* [WORK TO COMPLETE]:
What lines of the data below hold the string "input"? Copy each one.

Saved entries
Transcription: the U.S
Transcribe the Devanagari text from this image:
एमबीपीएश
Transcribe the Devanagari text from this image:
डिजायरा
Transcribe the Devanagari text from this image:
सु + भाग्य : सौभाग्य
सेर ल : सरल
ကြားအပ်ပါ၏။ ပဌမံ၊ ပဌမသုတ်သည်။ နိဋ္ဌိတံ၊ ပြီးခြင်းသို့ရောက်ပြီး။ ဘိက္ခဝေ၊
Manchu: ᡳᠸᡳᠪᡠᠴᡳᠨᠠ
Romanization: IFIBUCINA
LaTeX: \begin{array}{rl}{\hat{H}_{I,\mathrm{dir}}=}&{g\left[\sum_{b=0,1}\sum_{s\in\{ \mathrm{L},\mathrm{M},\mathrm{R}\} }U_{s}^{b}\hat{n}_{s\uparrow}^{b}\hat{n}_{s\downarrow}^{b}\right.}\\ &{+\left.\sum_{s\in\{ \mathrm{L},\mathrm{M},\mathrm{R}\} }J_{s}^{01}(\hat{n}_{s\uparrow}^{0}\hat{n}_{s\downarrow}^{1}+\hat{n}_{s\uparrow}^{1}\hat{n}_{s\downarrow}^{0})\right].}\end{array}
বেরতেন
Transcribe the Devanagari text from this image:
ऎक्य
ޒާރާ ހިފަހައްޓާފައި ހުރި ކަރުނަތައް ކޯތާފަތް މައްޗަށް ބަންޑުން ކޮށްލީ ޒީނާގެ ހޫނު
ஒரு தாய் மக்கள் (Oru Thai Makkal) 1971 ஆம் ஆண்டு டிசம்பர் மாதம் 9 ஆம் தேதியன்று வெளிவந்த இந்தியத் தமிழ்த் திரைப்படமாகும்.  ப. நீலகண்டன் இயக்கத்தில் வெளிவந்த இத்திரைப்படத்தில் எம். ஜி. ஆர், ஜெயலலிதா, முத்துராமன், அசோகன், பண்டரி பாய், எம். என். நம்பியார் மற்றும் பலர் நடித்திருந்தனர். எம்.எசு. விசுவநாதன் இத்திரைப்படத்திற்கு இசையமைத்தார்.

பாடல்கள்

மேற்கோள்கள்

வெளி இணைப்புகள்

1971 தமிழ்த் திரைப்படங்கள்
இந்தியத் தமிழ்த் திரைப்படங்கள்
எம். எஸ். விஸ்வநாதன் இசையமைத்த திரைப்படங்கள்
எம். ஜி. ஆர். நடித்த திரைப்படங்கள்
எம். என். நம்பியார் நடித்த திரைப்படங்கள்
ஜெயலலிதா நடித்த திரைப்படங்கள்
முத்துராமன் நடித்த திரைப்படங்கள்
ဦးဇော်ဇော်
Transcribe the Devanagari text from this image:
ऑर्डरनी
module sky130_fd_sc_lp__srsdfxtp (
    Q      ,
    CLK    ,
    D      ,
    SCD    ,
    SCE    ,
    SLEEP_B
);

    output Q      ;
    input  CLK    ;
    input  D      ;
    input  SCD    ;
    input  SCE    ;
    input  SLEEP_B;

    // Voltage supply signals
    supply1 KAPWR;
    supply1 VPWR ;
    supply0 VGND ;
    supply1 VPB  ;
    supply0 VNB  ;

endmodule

* [SOLUTION]:
    input  CLK    ;
    input  D      ;
    input  SCD    ;
    input  SCE    ;
    input  SLEEP_B;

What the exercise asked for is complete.